- 115 -

РАННЯЯ ВЕСНА

 

Двенадцатого апреля показались первые листочки. И все солнце, солнце. До чего же хорошо на земле! День-то — как дворец голубой. Ну и что с того, что жрать просит желудок... По морде ему, по морде! Не надо о еде думать в такую погоду. А как быстро приоделась Природа... Наши три черемухи, возле дороги к вахте, ну, и слов-то не подобрать... Как три мордовочки в белых кофточках. До чего хороши! Глаз не отвести. Идем на развод — любуемся. Каждый свои думы несет... А если быть внимательным, если не думать о еде, если смотреть в лица людей... В лагерях и тюрьмах не только порядочные люди были (я имею в виду политических). Большинство примелькались. Где-то на пересылке или в изоляторе изольет человек душу... И у кого она какая. Одного я очень уважал, но мне рассказали, да в газете было, они против нас воевали в Закавказье. И его фамилия указана была. Я и спросил: «Почему?» И вот что он мне рассказал: «У меня был год, по хулиганке. Ждал этапа. (Это в Одессе было.) Взяли быстро. Погрузили в «воронок» и на вокзал. Где-то рядом был немец. Пушки ухали. Короче, посадили в «Столыпин». Еще привезли мужиков и баб. Стоим. Вдруг забегали наши конвоиры. Бац!.. И наш вагон загорелся. Потом узнал — облили горючим. Стрельба. Все потуги наши сломать клетку — бесполезны. Влетают уже немцы. Выстрелами и ломиками открыли нас. Выскочили. Я еще видел убегающих «наших». У немца выхватил автомат, руками показал, что хочу догнать... Ненавижу!..» Это рассказал мне он. Этого я не видел. А другой... этот был в одной бригаде со мной. В принципе, я бы мог подсказать бригадиру, и послушался бы меня мой бригадир, чтобы работы побольше, а пайку поменьше этому человеку. Но так нечестно. Мало ли какие отношения у этого человека к советской власти...

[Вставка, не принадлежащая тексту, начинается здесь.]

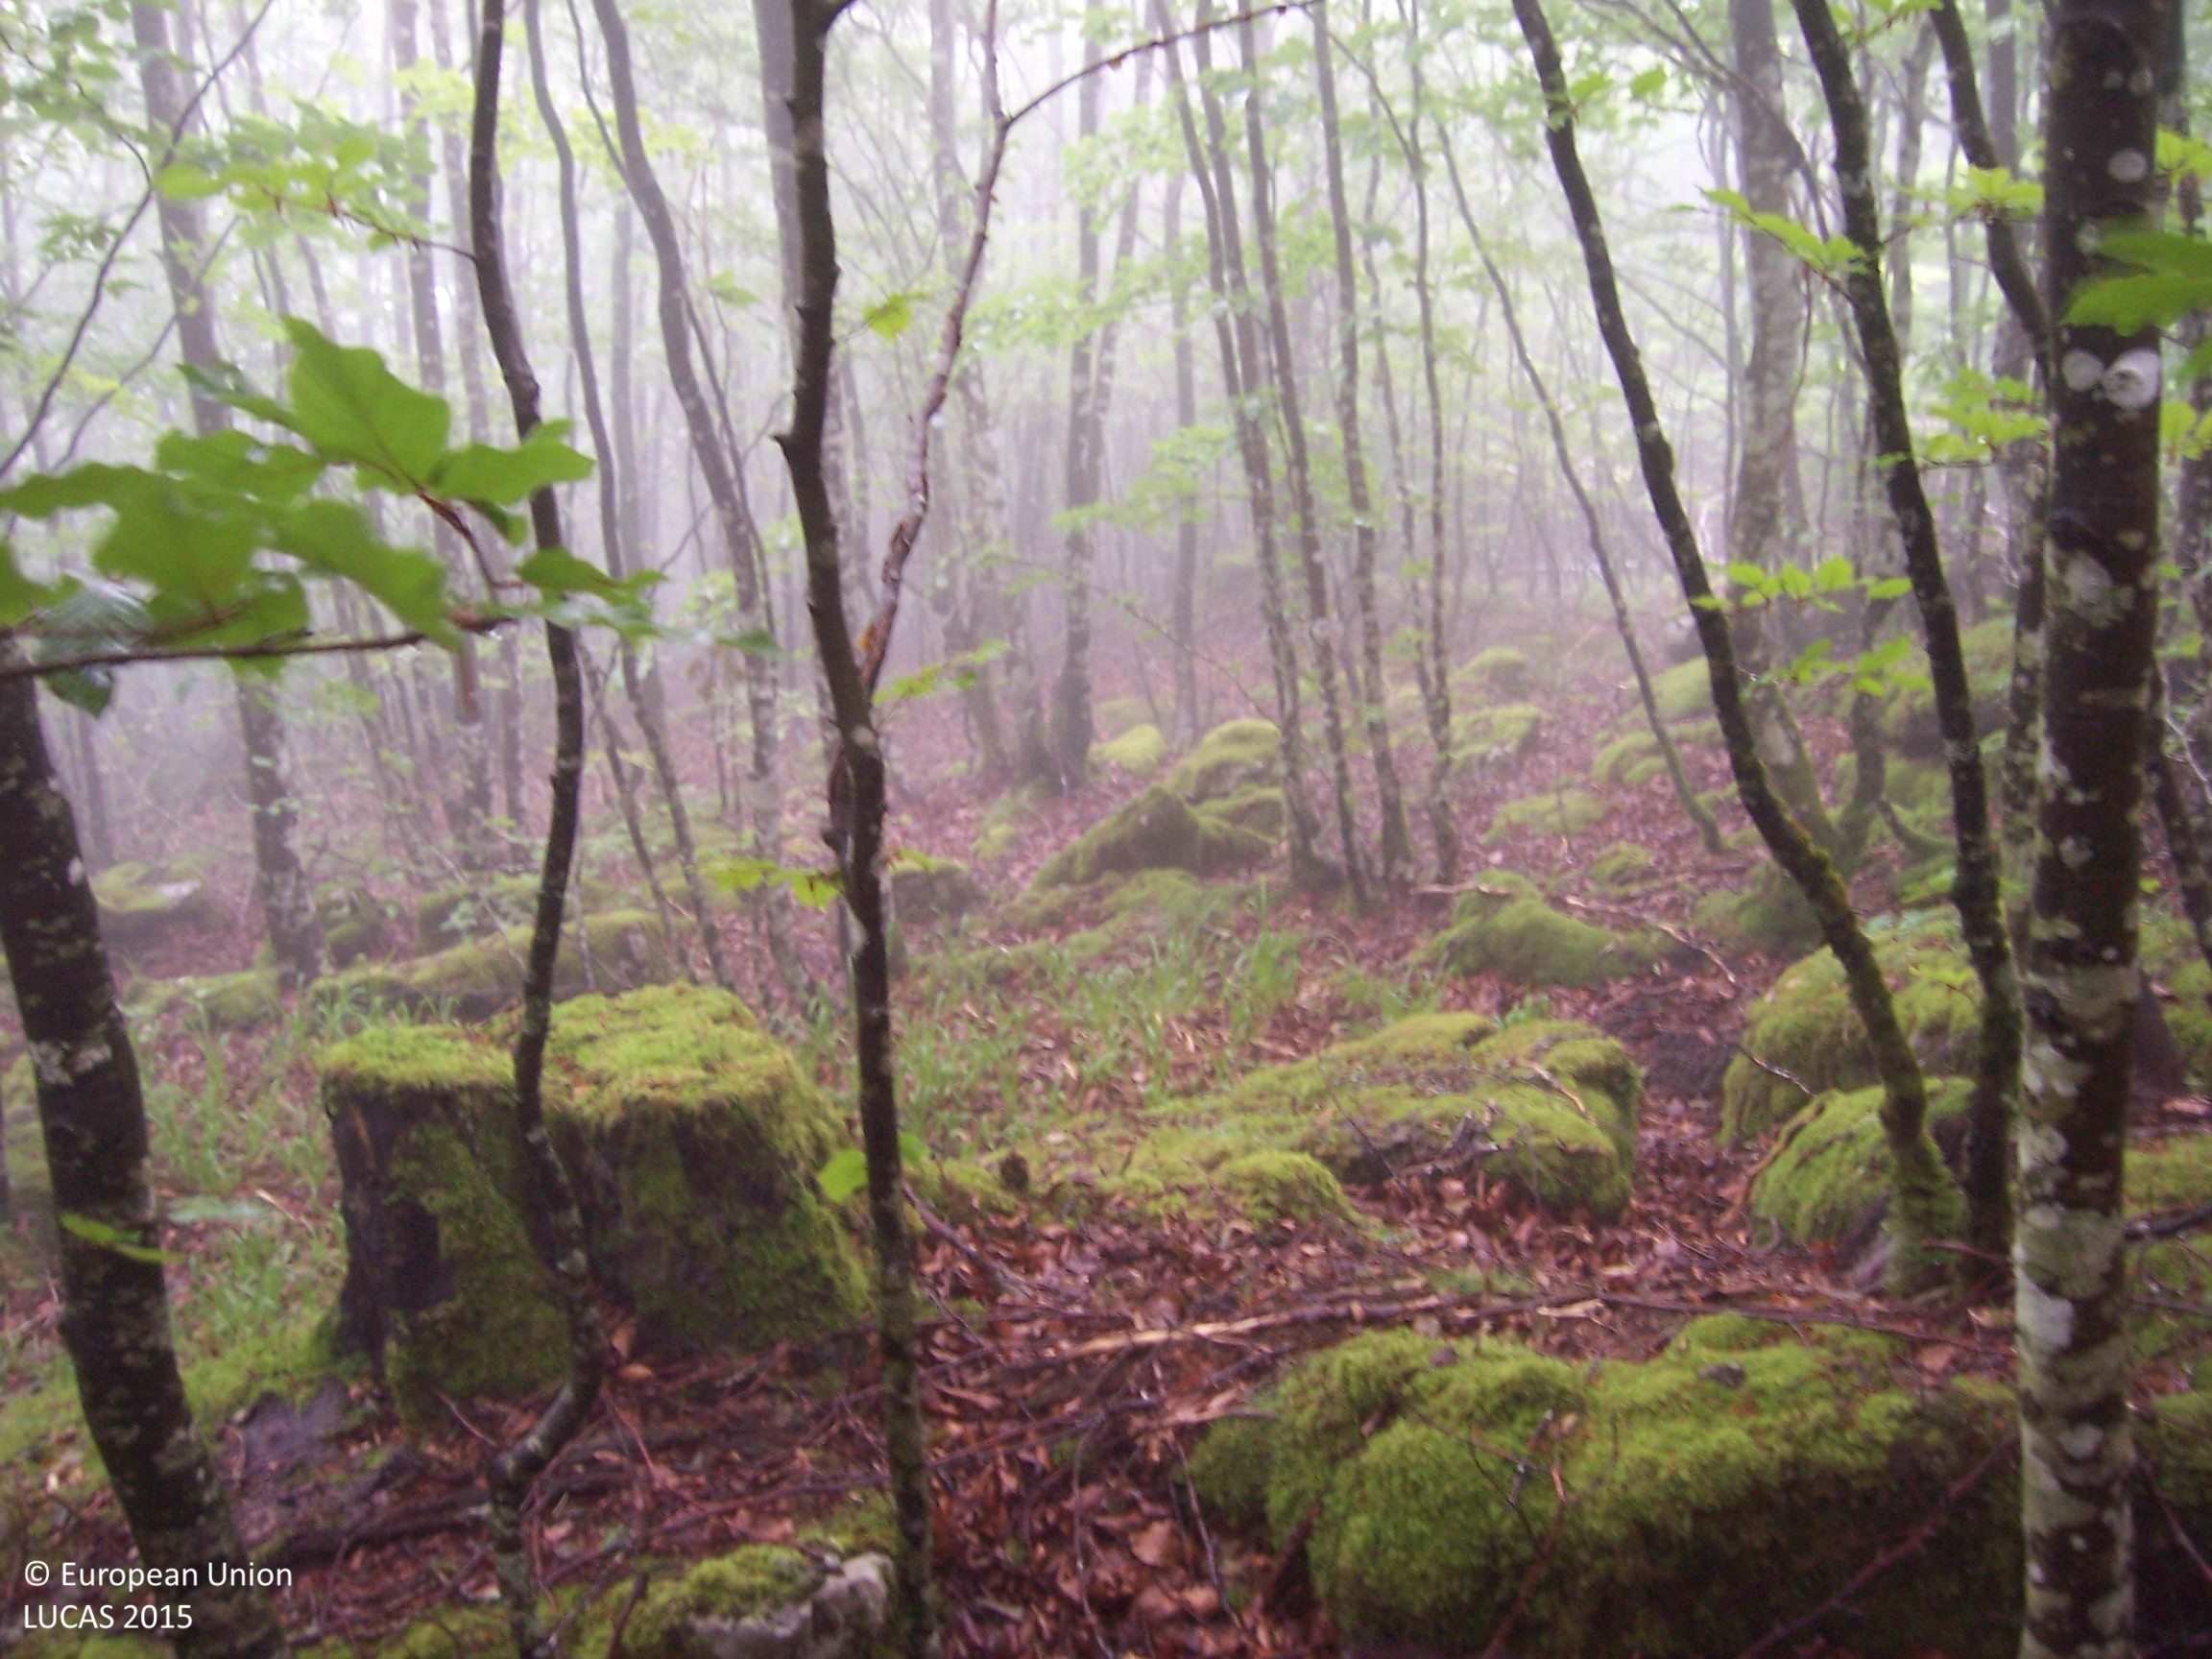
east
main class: Woodland
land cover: Broadleaved woodland
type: mountainous beech forest
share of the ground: > 75 %
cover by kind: broadleaved forest trees 100 %
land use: Forestry
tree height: > 5 m
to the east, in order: Broadleaved woodland; Fences; Grassland without tree/shrub cover
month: July
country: ES
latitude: 43.0483
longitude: -1.2206
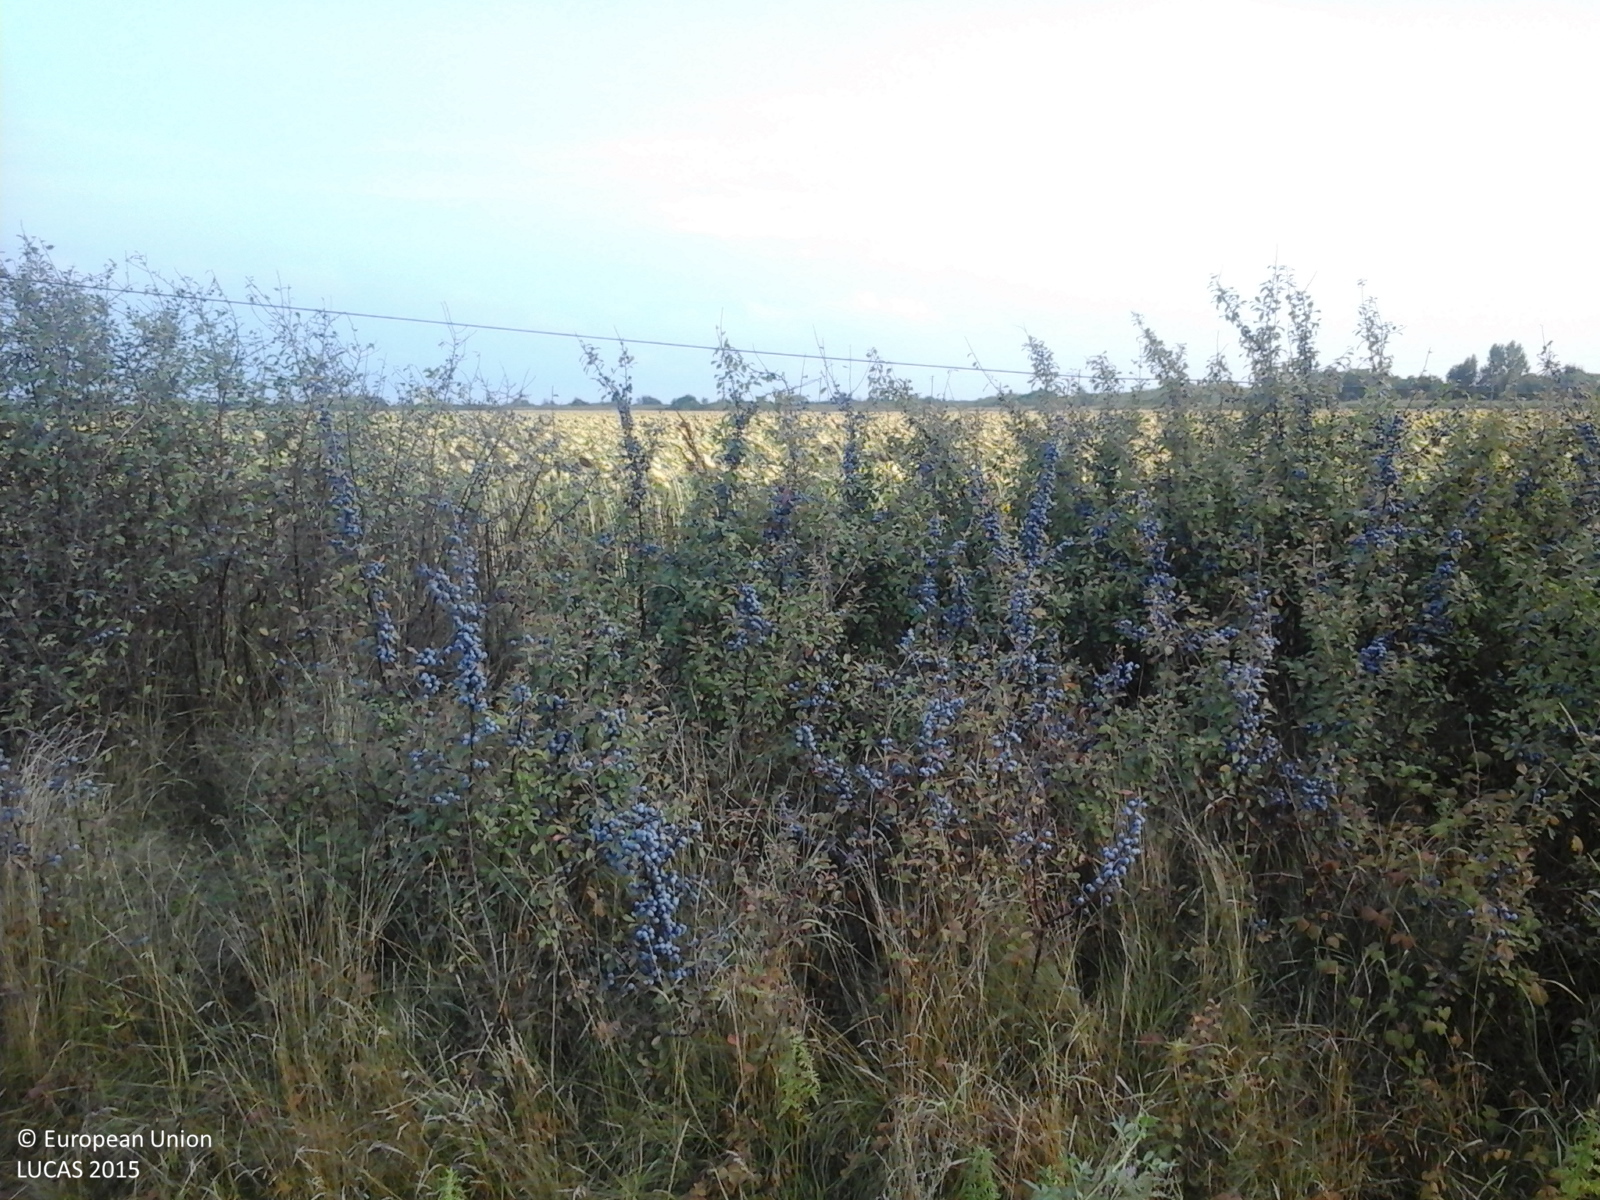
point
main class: Cropland
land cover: Sunflower
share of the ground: > 75 %
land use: Agriculture (excluding fallow land and kitchen gardens)
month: August
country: RO
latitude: 45.9916
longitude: 20.3640
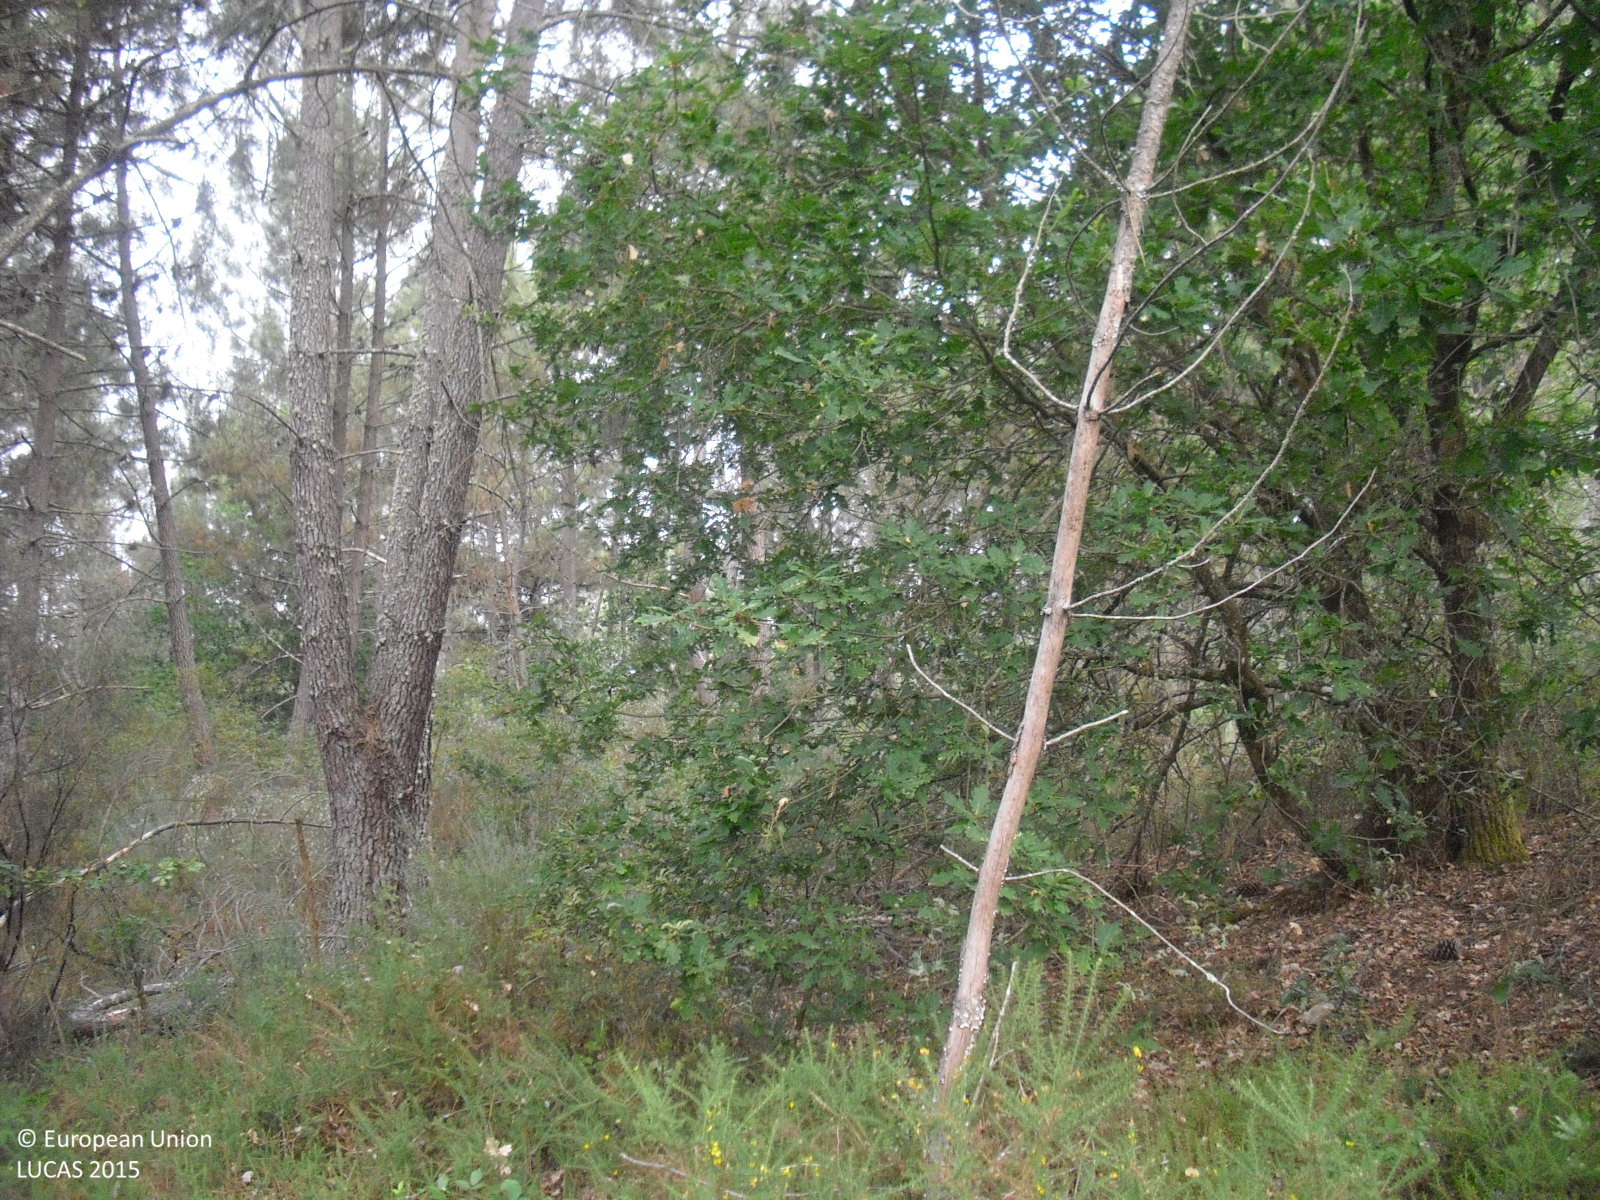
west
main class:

Но есть другое, общечеловеческое. Да мне наплевать, любишь ты или не любишь ту или эту власть... Для меня главное: ЧЕЛОВЕК ты или не человек!.. Другого я не признавал. Ну и пусть, что я из ЯРОСЛАВСКОЙ деревни. Имею же я право быть ПРАВИЛЬНЫМ ЧЕЛОВЕКОМ! Я был, и сегодня я такой... Воспринимаю все, как есть... как фотобумага. Но есть капсюль. Взрываюсь. Вот этот дядька, маленький ростом, мурло кругленькое... удобрял цветы пеплом людей. А я-то всю жизнь разбойничаю, пишу стихи, хочу на волю... Я все воспринимаю. А пепел-то, которым он удобрял, может, ярославочки какой? А может, мордовочки?

Про всех не скажу — не знаю. А сам я всегда жил в себе. И любил в себе. Бывало, ночи не спишь — все выдумываешь себе

 

- 116 -

красавицу. И дарил всегда весеннюю черемуху. Аромат. Нежность. А пусть вот посмотрит любой человек, как устроена веточка черемухи. Я ее веткой-то назвать не могу. ВЕТОЧКА. МОРДОВОЧКА. ЯРОСЛАВОЧКА. Вот это мурло в апреле месяце подошло к одной черемушке, двумя лапами собрало черемуху и к носу. Может, я и ушел бы, но такое блаженство изображала его физиономия, что я забыл себя, хапнул пятерней за круглое мурло. Он заорал. Надо же, мои ногти проткнули кожу. Всю красоту испортил... Прогнал блаженство.

На работу меня не выпустили. Стали таскать по кочкам. Но не били. Точно не помню, что я говорил администрации лагеря, но в изолятор не посадили и следствие не завели. Были у меня еще два случая, когда под суд не отдали, но об этом как-нибудь потом.